This method is similar to method 1 but this one is more reliable than method 1 because it freezes the atoms to prevent them from moving. This makes sure the system close to the transition state before calculation. However, this also will fail easily.

• Method 3

(1) draw the reactant(s) or product(s) and choose the one which has fewer molecules.

(2) optimise the reactant(s) or product(s) to a minimum

(3) break or form the bond and freeze the distance between atoms

(4) repeat method 2 (2)-(4)

This method is much more reliable than the previous two methods and it does not need to predict the possible transition state. However, this method is more complicated and it requires more steps.

Nf710 (talk) 19:30, 28 March 2018 (BST) This was a good section. You had a good attempt at explaining the quantum chemistry.

Excercise 1: Reaction of Butadiene with Ethylene

The reaction of butadiene with ethylene is a traditional [4+2] cycloaddition, which also known as Diels-Alder reaction.In Diels-Alder reaction, a conjugated diene (butadiene) will react with a dienophile (ethylene) to form a cyclohexene and the reaction scheme is shown in Fig 5. Although the s-trans conformation is more energetically favourable, the conformation of diene should be s-cis because of the interaction between the frontier molecular orbitals(FMO). Moreover, the energy barrier between s-trans and s-cis is not extremely high. In this exercise, all reactants, products and transition state were optimised by semi-empirical method PM6

in Gauss View and Method 2
is used to locate the transition state. 

MO analysis

The MO diagram is shown in Fig.6 and this graph is drawn according to the energy calculated by PM6. The energy of product (black

line) should be lower than that of the reactants, and the energy of transition state (pink
line) is higher than that of reactants.
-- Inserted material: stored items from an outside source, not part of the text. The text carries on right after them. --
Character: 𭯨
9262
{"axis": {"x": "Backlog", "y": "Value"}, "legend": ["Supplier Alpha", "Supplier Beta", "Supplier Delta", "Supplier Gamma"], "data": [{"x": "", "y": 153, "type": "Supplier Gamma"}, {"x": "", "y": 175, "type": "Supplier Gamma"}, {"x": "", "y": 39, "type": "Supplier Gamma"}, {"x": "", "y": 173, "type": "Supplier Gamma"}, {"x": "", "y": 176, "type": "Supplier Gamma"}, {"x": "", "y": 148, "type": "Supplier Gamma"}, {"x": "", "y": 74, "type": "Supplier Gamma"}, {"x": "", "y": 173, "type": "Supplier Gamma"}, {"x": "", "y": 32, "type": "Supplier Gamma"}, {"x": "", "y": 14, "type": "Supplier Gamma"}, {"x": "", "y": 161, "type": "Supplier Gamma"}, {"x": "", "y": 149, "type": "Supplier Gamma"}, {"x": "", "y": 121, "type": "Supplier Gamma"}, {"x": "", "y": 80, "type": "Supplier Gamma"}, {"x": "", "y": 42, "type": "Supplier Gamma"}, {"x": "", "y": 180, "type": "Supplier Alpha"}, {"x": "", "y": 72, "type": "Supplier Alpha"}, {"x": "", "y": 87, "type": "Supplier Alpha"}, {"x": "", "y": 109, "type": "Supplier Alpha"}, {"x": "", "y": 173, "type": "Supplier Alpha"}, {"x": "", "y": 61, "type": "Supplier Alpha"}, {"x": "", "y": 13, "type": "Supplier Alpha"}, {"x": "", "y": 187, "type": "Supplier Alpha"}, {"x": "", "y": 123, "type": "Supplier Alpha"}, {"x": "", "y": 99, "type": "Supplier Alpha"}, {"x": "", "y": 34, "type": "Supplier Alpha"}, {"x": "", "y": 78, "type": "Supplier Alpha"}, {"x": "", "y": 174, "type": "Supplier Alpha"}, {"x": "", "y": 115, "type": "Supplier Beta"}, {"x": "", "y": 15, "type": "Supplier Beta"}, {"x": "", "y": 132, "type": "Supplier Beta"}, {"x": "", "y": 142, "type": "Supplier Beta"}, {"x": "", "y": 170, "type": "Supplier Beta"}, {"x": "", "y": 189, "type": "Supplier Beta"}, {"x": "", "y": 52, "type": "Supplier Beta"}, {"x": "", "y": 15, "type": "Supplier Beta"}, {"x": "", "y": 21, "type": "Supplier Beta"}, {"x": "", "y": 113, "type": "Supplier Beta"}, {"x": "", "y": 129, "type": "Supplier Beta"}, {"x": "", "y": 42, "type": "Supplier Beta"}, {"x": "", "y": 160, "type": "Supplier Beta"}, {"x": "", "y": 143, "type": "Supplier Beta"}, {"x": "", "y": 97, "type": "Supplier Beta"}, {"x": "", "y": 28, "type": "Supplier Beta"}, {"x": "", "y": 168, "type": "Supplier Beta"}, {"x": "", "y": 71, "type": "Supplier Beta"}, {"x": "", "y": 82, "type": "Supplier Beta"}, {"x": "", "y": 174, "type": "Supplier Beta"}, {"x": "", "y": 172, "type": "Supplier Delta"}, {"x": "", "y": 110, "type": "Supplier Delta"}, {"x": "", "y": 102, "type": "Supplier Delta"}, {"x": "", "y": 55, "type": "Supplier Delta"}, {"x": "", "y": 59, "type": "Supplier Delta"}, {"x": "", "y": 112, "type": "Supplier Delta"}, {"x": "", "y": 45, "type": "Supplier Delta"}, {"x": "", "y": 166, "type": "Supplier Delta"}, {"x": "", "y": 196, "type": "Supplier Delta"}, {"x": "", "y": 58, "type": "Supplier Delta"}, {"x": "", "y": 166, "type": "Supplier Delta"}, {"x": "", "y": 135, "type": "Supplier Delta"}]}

The HOMO and LUMO are shown in Table 1. 

Table 1. The HOMO and LUMO diagram of reactants, product and transition state

	Butadiene	Ethylene	MO of Transition State
LUMO			LUMO of Transition State	LUMO+1 of Transition State
HOMO			HOMO of Transition State	HOMO-1 of Transition State

For a [p+q]-cycloaddtion reaction, it could be driven either thermally or photochemically. For photochemical reaction, the electrons on HOMO will be excited to LUMO and become two SOMOs.Therefore, the photochemical cycloaddition is a little bit different with the thermal cycloaddition. A general rule called Woodward Hoffmann Rule is used to determine whether the cycloaddition is allowed or forbidden.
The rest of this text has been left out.